My dark fantasies are truly fucked up and twisted!

dark fantasiesMy dark fantasies are truly fucked up and twisted, what can I say? I am one fucked up bitch! I can’t help it, I was born this way and I don’t ever plan to change. I brought out my really evil side last night when I had an unsuspecting victim pretty much drop himself in my lap. I was at this bar on campus, it was filled with preppy frat boy types and they all wanted a piece of me… little did they know that the unlucky boy that came home with me would never be coming home again! I picked out the perfect one, he was cocky and arrogant, the type of guy that thinks he can get away with anything… well this time he couldn’t. He thought that he was coming back to my place to fuck but instead I tied him up and tortured him to death! Now there is one less douchebag in the world and I couldn’t be happier!

Accomplice Ava

855-568-6787

Growing Up Less Than Innocent

dark fantasies

I have more dark fantasies than most girls my age, it all started with the way my Daddy treated me when I was young. I learned young how to tease him and so I did, all the time. I tested my limits and he continued to try gentle parenting like time out and making me write out what I did wrong. Nothing worked because I was still a bad little girl. One day I did something to really tick Daddy off! I can’t quite remember what it was I did…but Daddy had enough of my shit! He grabbed me and pulled me over his lap, ripping my shorts down at the same time. He started to spank my ass over and over harder and harder as I cried and squirmed around on his lap. Moments later Daddy and I both felt the undeniable cum on my wet bald pussy, and Daddy’s hard cock growing with each smack. Daddy took this as a chance for a long term lesson, sticking his thumb in my ass and telling me what a dirty whore I was. We BOTH cummed hard and I learned my lesson…one of many.

Leslie

866-250-6926

Victim

dark fantasies

I might look sweet and innocent my but mind is full of dark fantasies. It’s been this way longer than not, and I wouldn’t change it if I could. I am deeply obsessed with some of the most disturbing things, and when my mind wanders I have this to feed my craving. My rape fantasies are intense and hardcore.
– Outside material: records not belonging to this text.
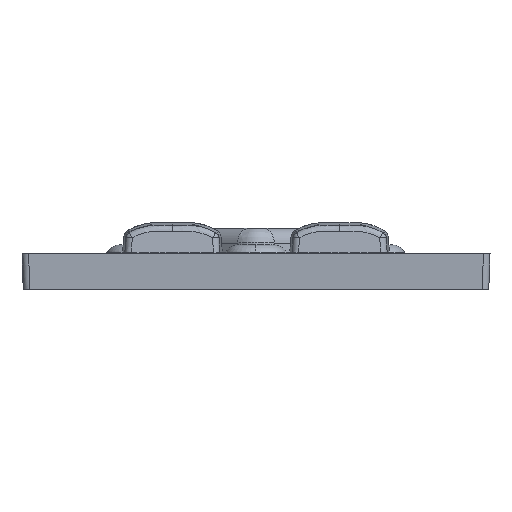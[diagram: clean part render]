
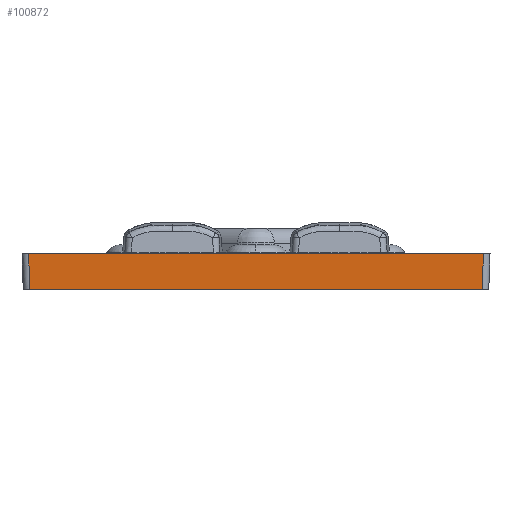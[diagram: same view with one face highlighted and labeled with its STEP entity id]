
A CAD part, left-side view. The second image highlights one B-rep face of the part: STEP entity #100872.
In plain terms, the highlighted planar face has unit normal (-0.999, 0, -0.035).
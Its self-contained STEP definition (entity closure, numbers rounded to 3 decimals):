
#1988 = LINE ( 'NONE', #75141, #89102 ) ;
#4976 = PLANE ( 'NONE',  #59293 ) ;
#16429 = VECTOR ( 'NONE', #77729, 1000. ) ;
#25812 = CARTESIAN_POINT ( 'NONE',  ( -86.7, 35.55, 3.8 ) ) ;
#27125 = FACE_OUTER_BOUND ( 'NONE', #27339, .T. ) ;
#27339 = EDGE_LOOP ( 'NONE', ( #110377, #78859, #64250, #124233 ) ) ;
#30673 = LINE ( 'NONE', #132774, #81716 ) ;
#30698 = VECTOR ( 'NONE', #44686, 1000. ) ;
#31318 = EDGE_CURVE ( 'NONE', #62134, #95204, #1988, .T. ) ;
#34913 = EDGE_CURVE ( 'NONE', #57232, #95204, #36128, .T. ) ;
#36128 = LINE ( 'NONE', #128821, #16429 ) ;
#40740 = DIRECTION ( 'NONE',  ( 0., -1., 0. ) ) ;
#44686 = DIRECTION ( 'NONE',  ( -0.035, -0.035, 0.999 ) ) ;
#48694 = CARTESIAN_POINT ( 'NONE',  ( -86.7, -34.551, 3.8 ) ) ;
#48829 = EDGE_CURVE ( 'NONE', #62134, #76507, #30673, .T. ) ;
#52088 = CARTESIAN_POINT ( 'NONE',  ( -86.511, 34.362, -1.6 ) ) ;
#57232 = VERTEX_POINT ( 'NONE', #99312 ) ;
#59293 = AXIS2_PLACEMENT_3D ( 'NONE', #25812, #129878, #107751 ) ;
#62134 = VERTEX_POINT ( 'NONE', #99084 ) ;
#64250 = ORIENTED_EDGE ( 'NONE', *, *, #34913, .F. ) ;
#70678 = DIRECTION ( 'NONE',  ( 0.035, -0.035, -0.999 ) ) ;
#75141 = CARTESIAN_POINT ( 'NONE',  ( -86.701, 34.552, 3.835 ) ) ;
#76199 = CARTESIAN_POINT ( 'NONE',  ( -86.615, -34.465, 1.358 ) ) ;
#76507 = VERTEX_POINT ( 'NONE', #48694 ) ;
#77729 = DIRECTION ( 'NONE',  ( 0., 1., 0. ) ) ;
#78859 = ORIENTED_EDGE ( 'NONE', *, *, #31318, .T. ) ;
#81716 = VECTOR ( 'NONE', #40740, 1000. ) ;
#89102 = VECTOR ( 'NONE', #70678, 1000. ) ;
#95204 = VERTEX_POINT ( 'NONE', #52088 ) ;
#97743 = LINE ( 'NONE', #76199, #30698 ) ;
#99084 = CARTESIAN_POINT ( 'NONE',  ( -86.7, 34.551, 3.8 ) ) ;
#99312 = CARTESIAN_POINT ( 'NONE',  ( -86.511, -34.362, -1.6 ) ) ;
#100872 = ADVANCED_FACE ( 'NONE', ( #27125 ), #4976, .T. ) ;
#107751 = DIRECTION ( 'NONE',  ( -0.035, 0., 0.999 ) ) ;
#110377 = ORIENTED_EDGE ( 'NONE', *, *, #48829, .F. ) ;
#114376 = EDGE_CURVE ( 'NONE', #57232, #76507, #97743, .T. ) ;
#124233 = ORIENTED_EDGE ( 'NONE', *, *, #114376, .T. ) ;
#128821 = CARTESIAN_POINT ( 'NONE',  ( -86.511, 35.55, -1.6 ) ) ;
#129878 = DIRECTION ( 'NONE',  ( -0.999, 0., -0.035 ) ) ;
#132774 = CARTESIAN_POINT ( 'NONE',  ( -86.7, 35.55, 3.8 ) ) ;

I crave snuff, ageplay, and the dirtiest things imaginable. I love being ‘forced’ to do things but really in the back of my mind knowing I want to do it so badly. Being used is what I was made for and I have eagerly accepted that since a very young age when my innocence was stripped of me by my very own Daddy. He’s the one who made me this way, this corrupt little girl. I don’t care who knows because I’ve embraced my dirty mind and desires my dark fetishes I think of when I’m alone. Soon I won’t be alone soon I’ll be someone else victim again.

Elsa

855-609-0571

I have so many dark fantasies

dark fantasiesI have so many dark fantasies, every night when I go to sleep they dance in my head and make me want to go out and kill! I have a blood lust that I simply can NOT contain… nor do I want to. I enjoy killing and torture and forcing unwilling bitches to do all kinds of humiliating degrading things… and in the end, they all end up begging me to kill them just to end their pain. I can hear their screams and see all that blood and let me tell you, nothing gets me wetter! Can’t you just picture it? A young whore tied to the bed, so many men waiting on their chance to get to brutally fuck her, she is barely conscious and completely helpless. Her blood is everywhere and she is begging for us to kill her… but we won’t! We are relishing her pain like fine wine and we are going to make it last all night long!